Species Guide: Arborlings

Arborlings are a semi-open species belonging to Midveil!
You can make your own arborling after completing our User Tutorial and receiving a free MYO!

Arborlings are born when an excess of magic is introduced to a seed. These little creatures come in all sorts of shapes. There is a lot of freedom when designing arborlings! However we ask that your arborling follow the basic anatomy guidelines.

What rarity would my desired plant be?

Please research your chosen plant on Wikipedia and/or a plant database to find it's classification/species name. If you are still having trouble figuring out what rarity your plant is, you can comment under the Sprout Rarity Index and we'll gladly help you out!

Common rarity plants are usually classified as herbaceous. Mose vines will also fall under the common category! Keywords to search for when researching common plants: herb, herbaceous, forb, vine, grass, weed, root vegetable.

  • Flowers & Orchids such as... daisies, sunflowers, orchids, etc.
  • Grasses & Weeds such as... dandelions, pampas grass, barley, timothy grass, etc.
  • Ground Crops such as... lettuce, melons, tomatoes, cucumbers, zucchinis, peppers, etc.
  • Root Vegetables such as... carrots, potatoes, rutabagas, turnips, radishes, etc.

Silver rarity plants can be anything with a woody stem, and plants that grow in water. Keywords to search for when researching silver plants: aquatic, semi-aquatic, in water, woody stem, tree, shrub, subshrub, liana, woody vine, moss, algae.

  • Aquatic Plants such as... lemna minor, water spinach, sacred lotus, seaweed, wakame, sea lettuce, etc.
  • Fruit-bearing Trees such as... apples, papaya, peaches, avocados, coconuts, olives, papayas, almonds, lemons, vanilla, etc.
  • Trees & Shrubs such as... birch, aspen, red raspberry, Japanese maple, mountain laurel, beach rose, common ivy, etc.
  • Moss & Algaes such as... pincushion moss, iceland moss, ceratodon purpureus, marimo, bladder wrack, golden algae, etc.

Golden rarity are usually rare or specialized species of plants. Keywords to search for when researching gold plants: fungus, mold, carnivorous, parasitic, succulent, cactus.

  • Fungi & Molds such as... chanterelles, fly agaric, enokitake, turkey tail, slime mold, aspergillus niger, etc.
  • Carnivorous Plants such as...venus fly trap, nepenthes rafflesiana, rafflesia flower, etc.
  • Succulents & Cacti such as... barbary fig, purslane, aloe vera, prickly pear, saguaro cactus, etc.
  • Parasitic Plants such as.. rafflesia.

Special rarity plants are reserved for official adopts only!

  • Mythical Plants & Extinct Plants ... Any plant that cannot naturally be found, from folklore, myth, or from pop culture.
  • Dead, Dried, or Sick Plants ... These are reserved for Blighted Arborlings only!

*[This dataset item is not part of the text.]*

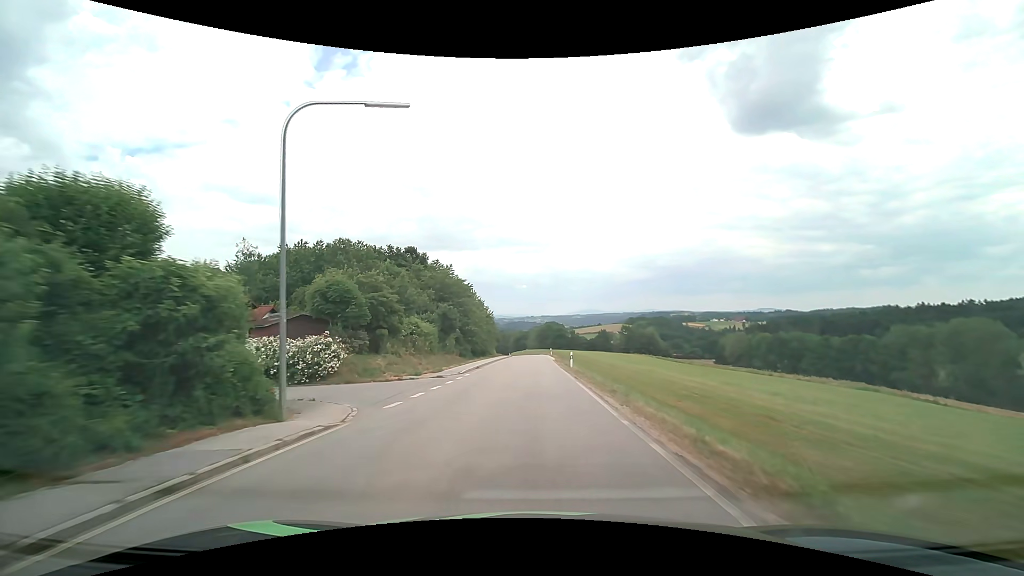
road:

How do I research my plant rarity?

We suggest using CTRL+F when browsing to find the keywords for the rarity you need!

The best place to start is Google and specifically, Wikipedia! Let’s say your desired plant is “magnolia.” Magnolia is a very broad name for a whole group of plants, so you will need to do a bit more research into it.

Now going to the Wikipedia page for Magnolia the first few paragraphs talk about the plant but not the type of plant it is. When you scroll down, the “History” section brings up the word “tree.”


This is a good starting point! That means you are probably looking at a silver rarity for your Arborling. However, there is an extensive list of species that all fall under “Magnolia”, which the wikipedia luckily has a list of! We’ll use the species Magnolia grandiflora as our example. When you click on that Wiki page, it describes the plant as a tree within the first paragraph.


Now with this information, you know that if you were to use this species for your Arborling, it would fall under silver rarity!

What if Wikipedia doesn’t have a lot of information or the information is confusing?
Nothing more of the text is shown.